A Colombian shaman is showing no remorse and taking no responsibility for the death of a British teenager who drank a hallucinogen during a tribal ritual.
Guillermo Mavisoy says it is common to vomit and become ill while consuming yage. However, he says he has never seen anyone die during the decades he has been serving the herbal concoction made from the namesake vine and other plants native to the Amazon rainforest.
“When it’s time to die, you die,” Mavisoy said in rudimentary Spanish in a taped interview on Tuesday from his home on a tribal reservation in the southern Colombian jungles. “You can take the safest pill in the world and you can die. It doesn’t matter if you have lots of money when the time has come.”
Henry Miller’s body was found last week dumped near Mavisoy’s modest home after he and other foreigners attended a ceremony led by the shaman.
Colombian authorities have yet to determine the cause of death, but say the 19-year-old from Bristol, England, fell ill during the ritual. Mavisoy says he ordered two family members to rush Miller to the hospital on a motorcycle, but when the teen died en route, the men panicked and left the body on the side of a dirt road.

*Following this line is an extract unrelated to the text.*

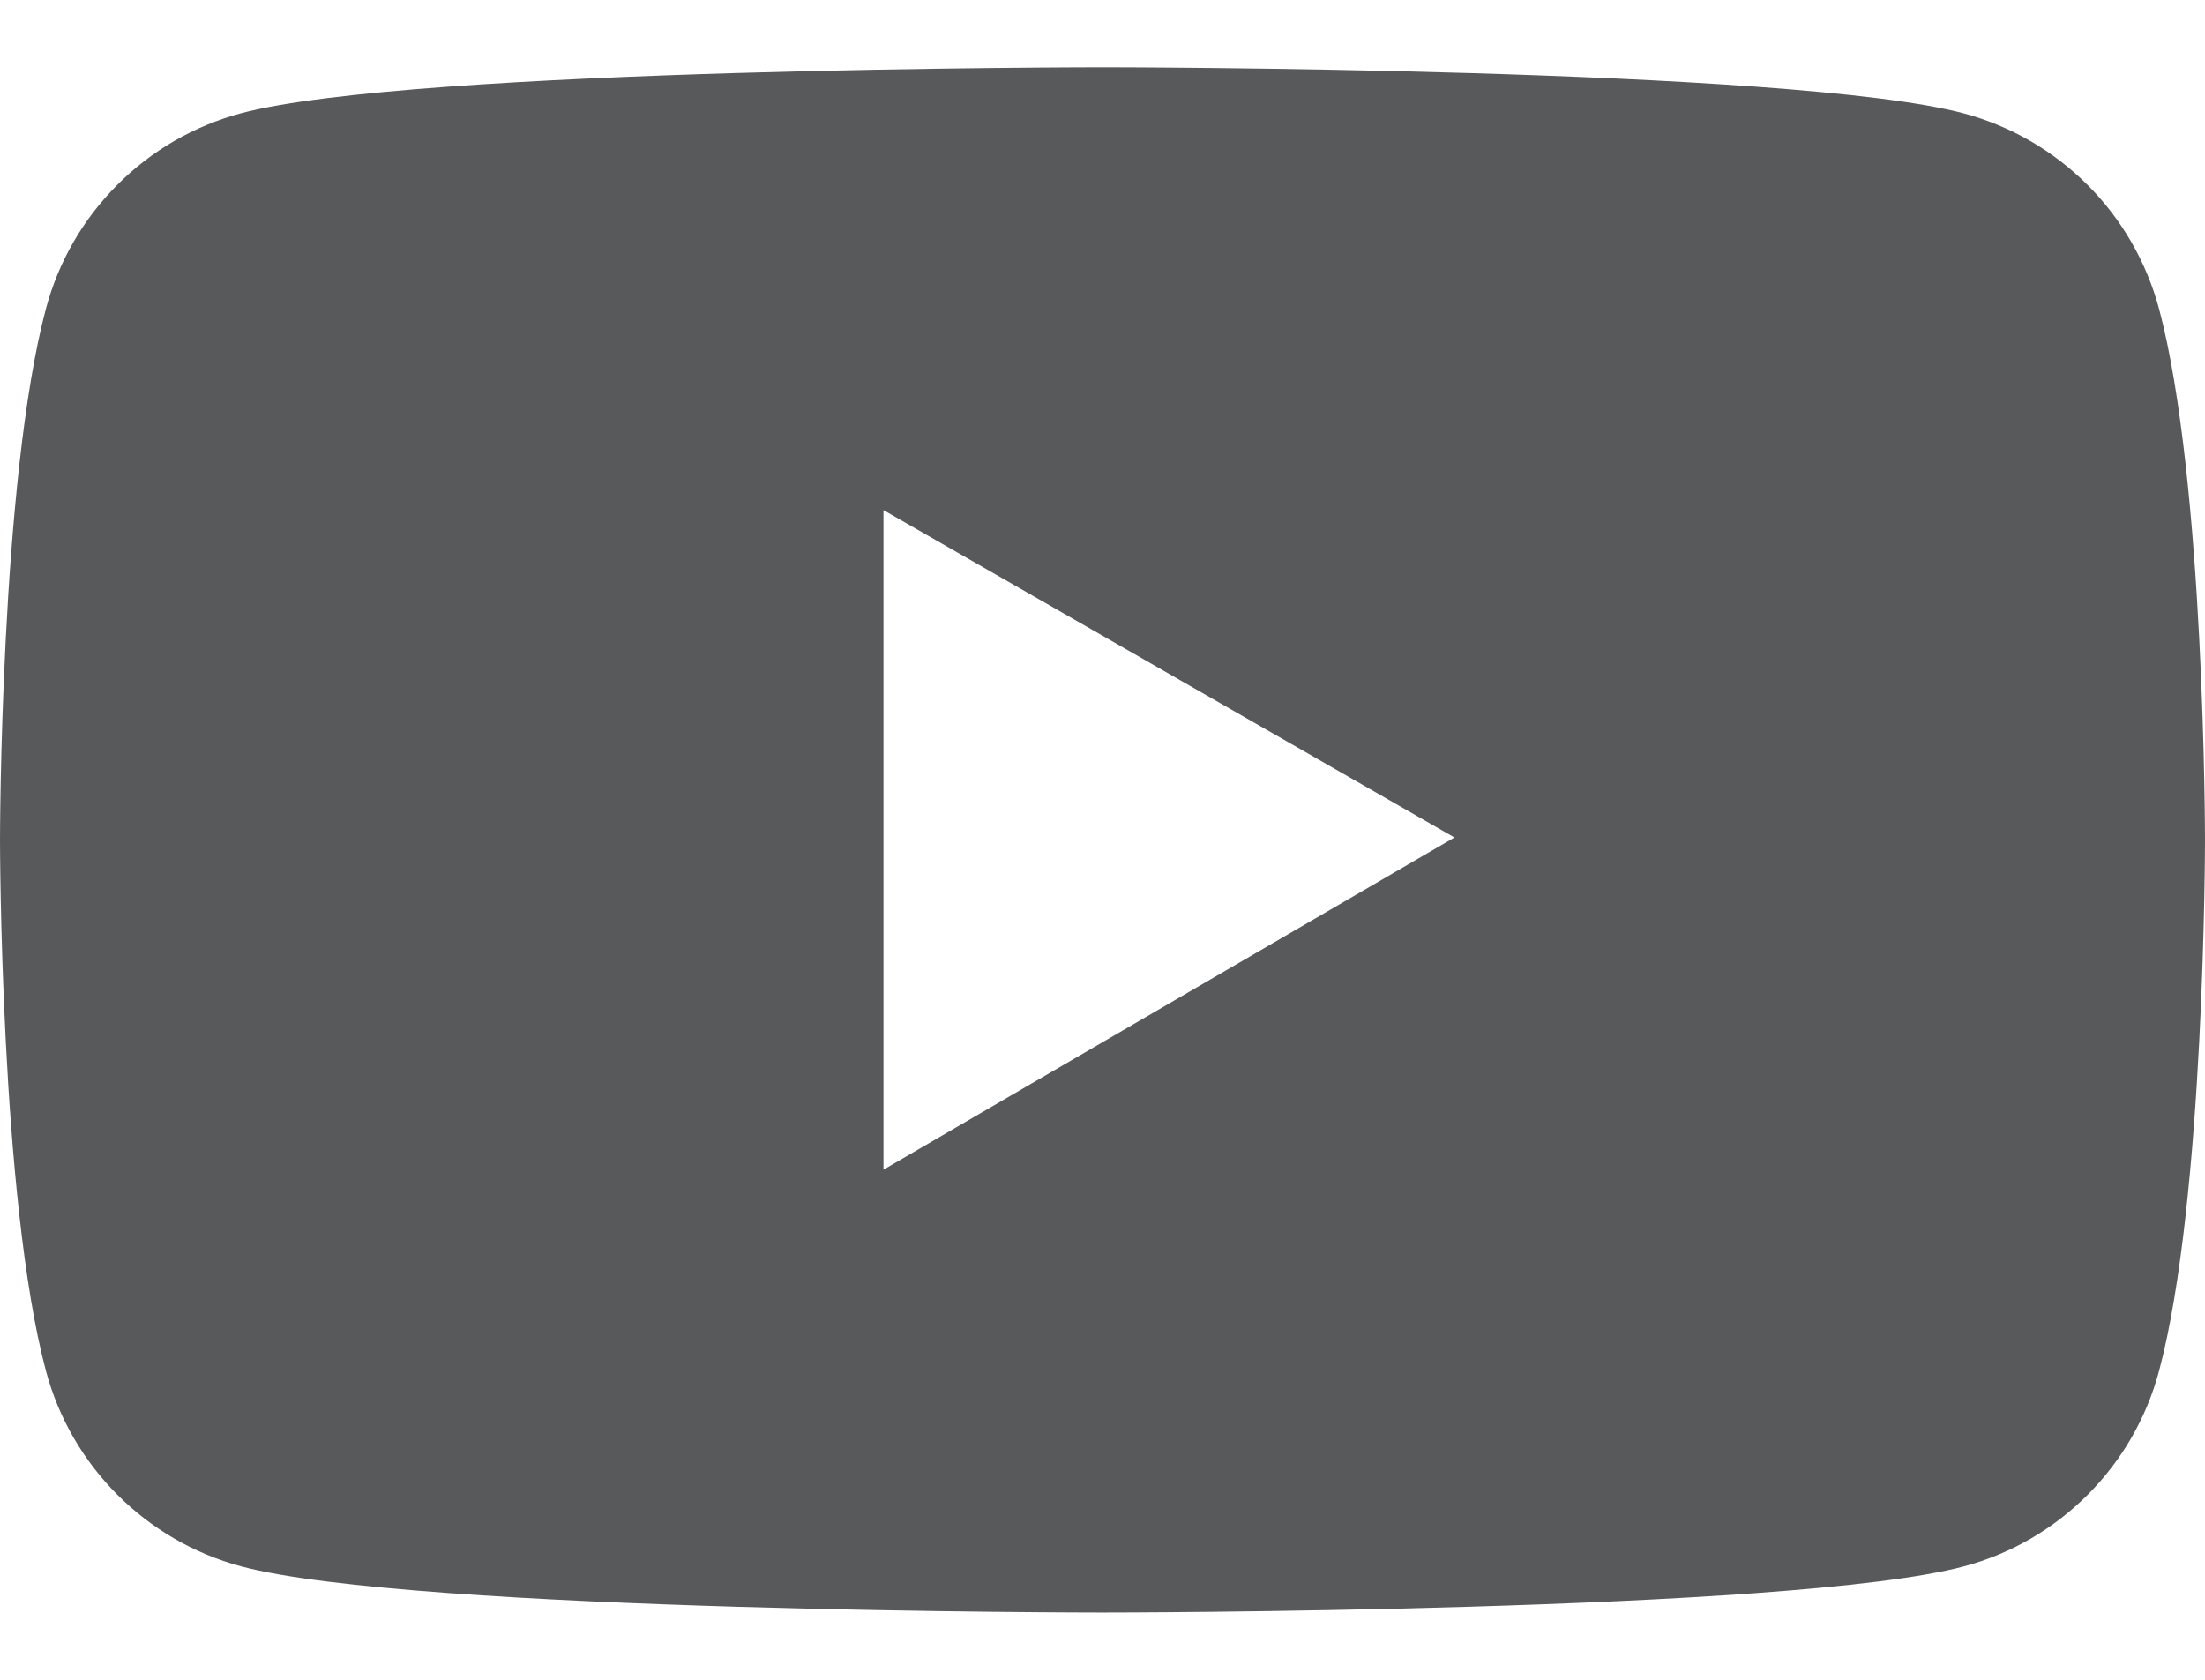<svg width="21" height="16" viewBox="0 0 21 16" fill="none" xmlns="http://www.w3.org/2000/svg">
<path d="M20.562 2.94C20.442 2.495 20.208 2.089 19.882 1.762C19.556 1.436 19.151 1.201 18.706 1.081C17.067 0.641 10.5 0.641 10.5 0.641C10.5 0.641 3.933 0.641 2.295 1.079C1.849 1.199 1.443 1.433 1.118 1.76C0.792 2.086 0.557 2.492 0.438 2.938C-8.9407e-08 4.578 0 8 0 8C0 8 -8.9407e-08 11.422 0.438 13.06C0.68 13.965 1.392 14.677 2.295 14.919C3.933 15.359 10.5 15.359 10.5 15.359C10.5 15.359 17.067 15.359 18.706 14.919C19.61 14.677 20.32 13.965 20.562 13.06C21 11.422 21 8 21 8C21 8 21 4.578 20.562 2.94ZM8.414 11.141V4.859L13.852 7.977L8.414 11.141Z" fill="#58595B"/>
</svg>

The two men and Mavisoy have been questioned in connection with a manslaughter investigation, but no charges have been filed.
Yage, also known as ayahuasca, has been venerated for centuries by indigenous tribes in Brazil, Peru, Ecuador and Colombia as a divinatory tool and miracle cure for all sorts of ailments. It was popularized in the West in the 1960s in The Yage Letters, a collection of correspondence and writings by William Burroughs, describing to fellow beat writer Allen Ginsberg his search for mind-altering experiences in the Amazon using the strange brew.
Mavisoy says he does not seek out foreigners, but they find their way to his small ranch outside Mocoa, Putumayo Province’s capital.
Mavisoy, who has led healing sessions in other countries, says yage does not kill, but rather cleans the spirit and then the body of the person imbibing it.
Peter von Puttkamer, a Los Angeles-based documentary filmmaker who has traced yage’s discovery in the 1940s by a Harvard ethnobotanist, says many foreigners do not have sufficient respect for what tribes in the Amazon consider a sacred healing medicine.
“It can be quite a dark, frightening experience to go on it,” Puttkamer said. “It’s a mind-altering experience that can possibly alter your perception forever.”